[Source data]
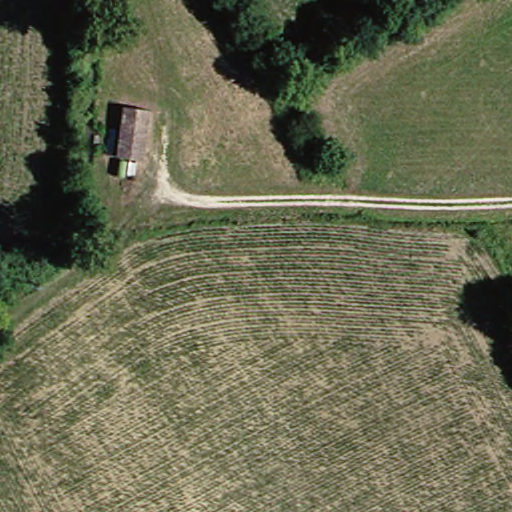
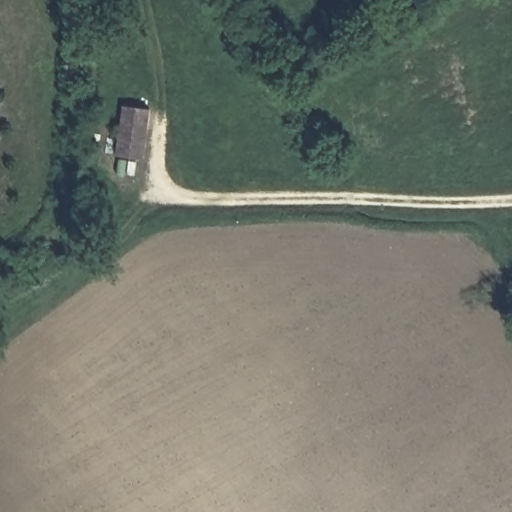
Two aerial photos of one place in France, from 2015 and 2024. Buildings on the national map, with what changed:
unchanged [(154,109),(148,159),(123,156),(129,106),(154,109)]

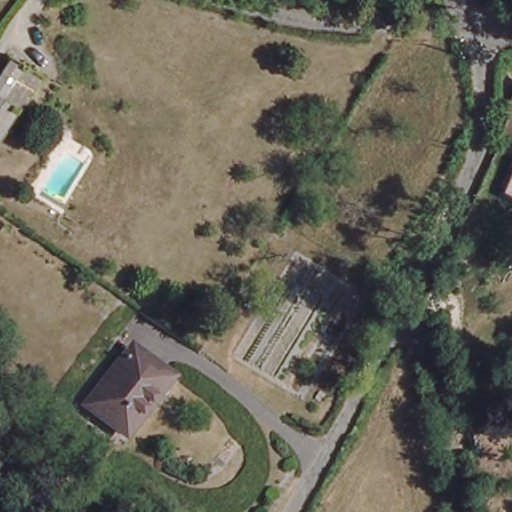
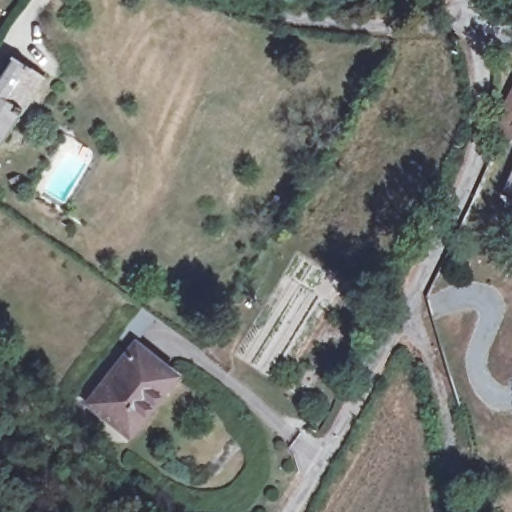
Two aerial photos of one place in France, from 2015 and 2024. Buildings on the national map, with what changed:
unchanged [(0,71),(10,58),(40,79),(0,137),(0,71)]
unchanged [(499,129),(509,108),(503,105),(512,90),(512,136),(499,129)]
unchanged [(168,374),(122,430),(86,398),(131,343),(168,374)]

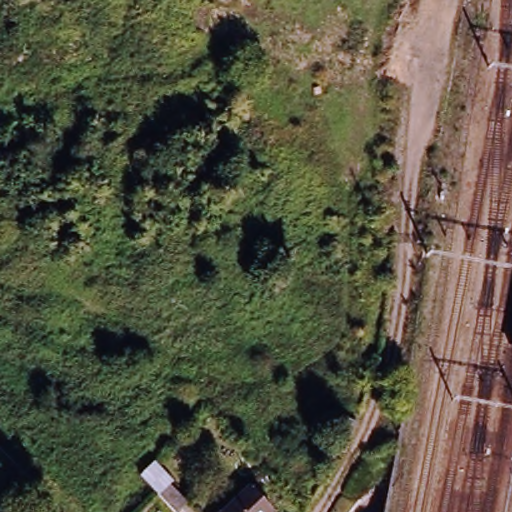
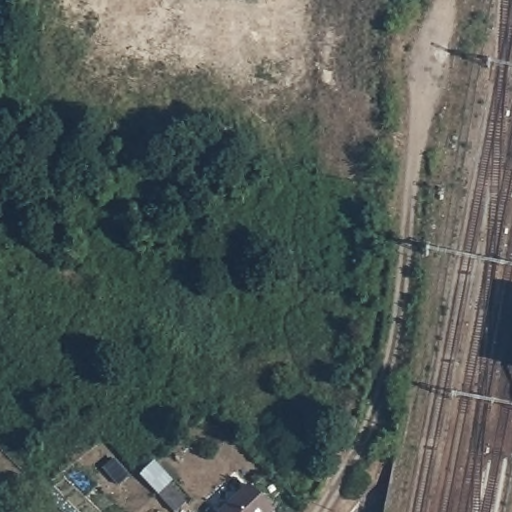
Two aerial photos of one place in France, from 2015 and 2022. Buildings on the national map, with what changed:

__Exercise__
The records need to be restated word for word, minus any images.

__Solution to this task__
Two aerial photos of one place in France, from 2015 and 2024. Buildings on the national map, with what changed:
unchanged [(154,109),(148,159),(123,156),(129,106),(154,109)]

Two aerial photos of one place in France, from 2015 and 2024. Buildings on the national map, with what changed:
unchanged [(0,71),(10,58),(40,79),(0,137),(0,71)]
unchanged [(499,129),(509,108),(503,105),(512,90),(512,136),(499,129)]
unchanged [(168,374),(122,430),(86,398),(131,343),(168,374)]

Two aerial photos of one place in France, from 2015 and 2022. Buildings on the national map, with what changed:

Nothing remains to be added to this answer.